Current Sociology
Sociologist of the Month, June 2024
Please welcome our Sociologists of the Month for June 2024, Lisa Baranik (University at Albany, SUNY, USA), Brandon Gorman (University at Albany, SUNY, USA) and Natalie Wright (Shadow Health, an Elsevier company). Their article for Current Sociology Wasta and its relationship to employment status and income in the Arab Middle East was shortlisted for the second edition (Vol. 71) of the Annual SAGE Current Sociology Best Paper Prize, and is Free Access this month.
Brandon Gorman
Could you please tell us about yourself? How did you come to your field of study?
B. Gorman: I’m an associate professor in the sociology department SUNY-Albany, originally from Northwest Georgia, and a first-generation college student and academic. I’ve got two daughters (5 month old and 9 year old) and I enjoy fishing, hiking, pickling vegetables, and playing tabletop role-playing games.
My main areas of interest are Middle East culture and politics, global and transnational sociology, social psychology, and political sociology. For the article published in Current Sociology, my biggest contribution was my expertise in Middle East studies. I came to this somewhat by accident – I was a senior in high school in 2001 and became interested in the Middle East after 9/11. When I got to college and was required to take a foreign language, I found Arabic on the list and immediately fell in love. I spent the next 13 years learning Arabic and studying the Middle East.
What prompted you to research the area of your article, “Wasta and its relationship to employment status and income in the Arab Middle East”?

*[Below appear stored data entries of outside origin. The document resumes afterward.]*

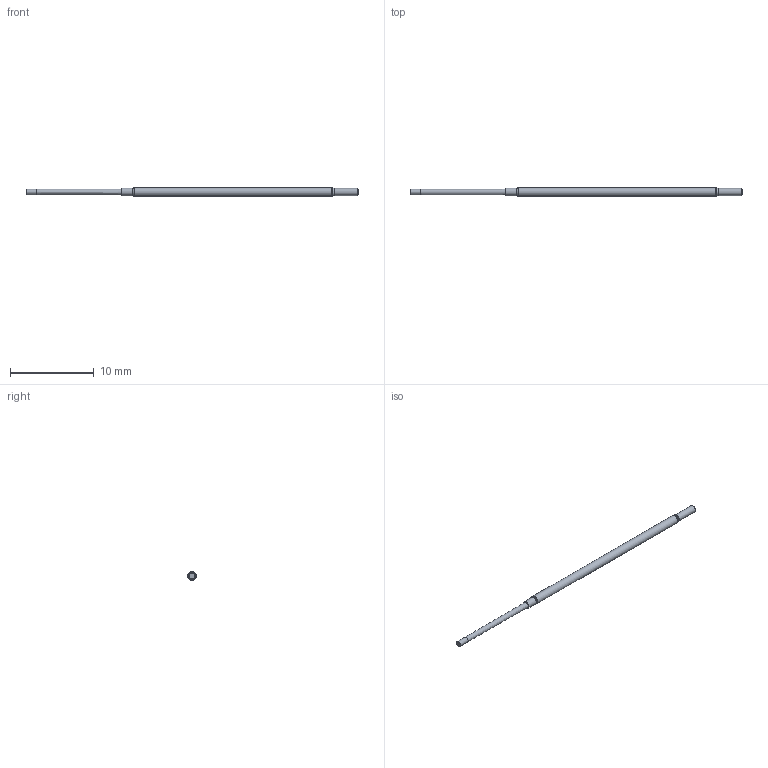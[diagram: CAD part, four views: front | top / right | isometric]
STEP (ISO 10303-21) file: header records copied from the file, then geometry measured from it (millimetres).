
FILE_DESCRIPTION (( 'STEP AP214' ), '1' );
FILE_NAME ('X50-4020.STEP', '2020-04-10T16:53:46', ( '' ), ( '' ), 'SwSTEP 2.0', 'SolidWorks 2019', '' );
FILE_SCHEMA (( 'AUTOMOTIVE_DESIGN' ));
Length unit declared in the file: inch
Products named in the file (1): X50-4020
Bounding box: 39.62 x 1.02 x 1.02 mm (x, y, z)
Volume: 26.1 mm3; surface area: 113.5 mm2
Topology: 1 solids, 1 shells, 15 faces, 27 edges, 15 vertices
Faces by surface type: cylinder 4, torus 4, cone 4, plane 3
Full cylindrical faces by diameter (mm): 0.65 x1, 0.856 x1, 0.894 x1, 1.021 x1
Entity records: 529 total; most frequent: DIRECTION 60, CARTESIAN_POINT 44, AXIS2_PLACEMENT_3D 30, EDGE_LOOP 28, ORIENTED_EDGE 28, FACE_OUTER_BOUND 23, DIMENSIONAL_EXPONENTS 18, UNCERTAINTY_MEASURE_WITH_UNIT 18
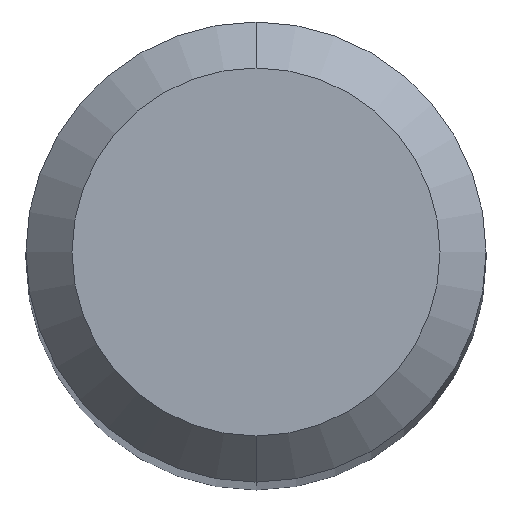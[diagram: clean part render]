
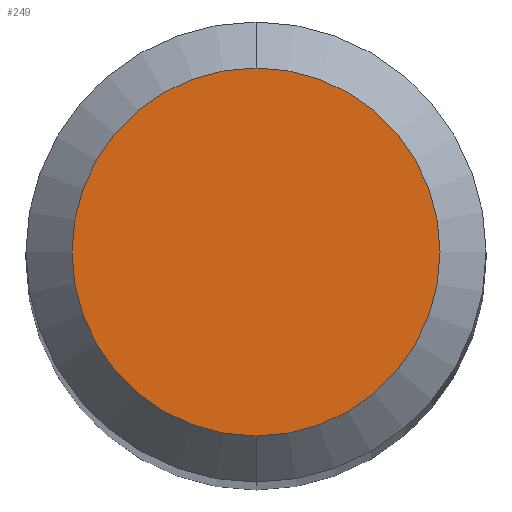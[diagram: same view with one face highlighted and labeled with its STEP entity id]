
A CAD part, top view. The second image highlights one B-rep face of the part: STEP entity #249.
In plain terms, the highlighted planar face has unit normal (0, 0, 1).
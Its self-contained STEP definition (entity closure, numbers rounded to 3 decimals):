
#179=EDGE_CURVE('',#333,#379,#470,.T.);
#249=ADVANCED_FACE('',(#550),#551,.T.);
#291=EDGE_CURVE('',#379,#333,#599,.T.);
#333=VERTEX_POINT('',#643);
#379=VERTEX_POINT('',#691);
#470=CIRCLE('',#785,1.2);
#550=FACE_OUTER_BOUND('',#930,.T.);
#551=PLANE('',#931);
#599=CIRCLE('',#1047,1.2);
#643=CARTESIAN_POINT('',(0.,-1.2,28.614));
#691=CARTESIAN_POINT('',(0.0,1.2,28.614));
#785=AXIS2_PLACEMENT_3D('',#1434,#1435,#1436);
#930=EDGE_LOOP('',(#1567,#1568));
#931=AXIS2_PLACEMENT_3D('',#1569,#1570,#1571);
#1047=AXIS2_PLACEMENT_3D('',#1629,#1630,#1631);
#1434=CARTESIAN_POINT('',(0.0,0.0,28.614));
#1435=DIRECTION('',(0.0,0.0,-1.0));
#1436=DIRECTION('',(0.0,1.0,0.0));
#1567=ORIENTED_EDGE('',*,*,#291,.F.);
#1568=ORIENTED_EDGE('',*,*,#179,.F.);
#1569=CARTESIAN_POINT('',(0.0,0.6,28.614));
#1570=DIRECTION('',(0.0,0.0,1.0));
#1571=DIRECTION('',(0.0,-1.0,0.0));
#1629=CARTESIAN_POINT('',(0.0,0.0,28.614));
#1630=DIRECTION('',(0.0,0.0,-1.0));
#1631=DIRECTION('',(0.0,1.0,0.0));

B. Gorman: My wife (the lead author) and I spent more than two years living in the Middle East and North Africa while I was in graduate school. She is an industrial-organizational psychologist by training and has no connection to the Middle East outside of me. While we were there, we decided to collect data to do some side studies, and this paper grew out of that.
What do you see as the key findings of your article?
B. Gorman: Our key finding is that wasta, or the process of achieving goals through connections with high-status people, is a key predictor of career success in the Arab Middle East. This means that patterned inequality in the distribution of wasta connections likely creates additional hardships for women, ethnic minorities, people with lower socioeconomic status, and members of other stigmatized communities in this world region.
What are the wider social implications of your research in the current social climate? How do you think things will change in the future?
B. Gorman: This is kind of a tough question. I think that American sociology is somewhat parochial in that we tend to study the United States and use it as a stand-in for human existence writ large. This project is unusual in that we studied career performance in the global south using a local social construct (wasta) that makes sense to the people that we study. There has been an upward trend in American sociologists studying areas of the world outside of the United States and Europe but the relative share is still pretty small. I hope that this will change in the future.
Do you have any links to images, documents or other pieces of research which build on or add to the article? Or a suggested reading list?
B. Gorman:
For more of my work on employment in the Middle East and North Africa:
Baranik, Lisa, Brandon Gorman, and William Wales. 2018. “What Makes Muslim Women Entrepreneurs Successful? A Field Study Examining Religiosity and Social Capital in Tunisia.” Sex Roles 78(3-4):208-219.
On the “internationalization” of American social science:
- Kurzman, Charles. 2017. “Scholarly Attention and the Limited Internationalization of US Social Science.” International Sociology 32(6): 775-795.
For more of my work on Middle East sociology:
- Gorman, Brandon. 2016. “Appropriating Democratic Discourse in North Africa.” International Journal of Comparative Sociology 57(5):288-309.
- Gorman, Brandon. 2018. “The Myth of the Secular-Islamist Divide in Muslim Politics: Evidence from Tunisia.” Current Sociology 66(1):145-164.
- Gorman, Brandon and Charles Seguin. 2018. “World Citizens on the Periphery: Threat and Identification with Global Society.” American Journal of Sociology 124(3):705-761.
- Gorman, Brandon. 2019 “Global Norms vs. Global Actors: International Politics, Muslim Identity, and Support for Shari’a.” Sociological Forum 34(1):91-114.
- Gorman, Brandon and Charles Seguin. 2018. “World Citizens on the Periphery: Threat and Identification with Global Society.” American Journal of Sociology 124(3):705-761.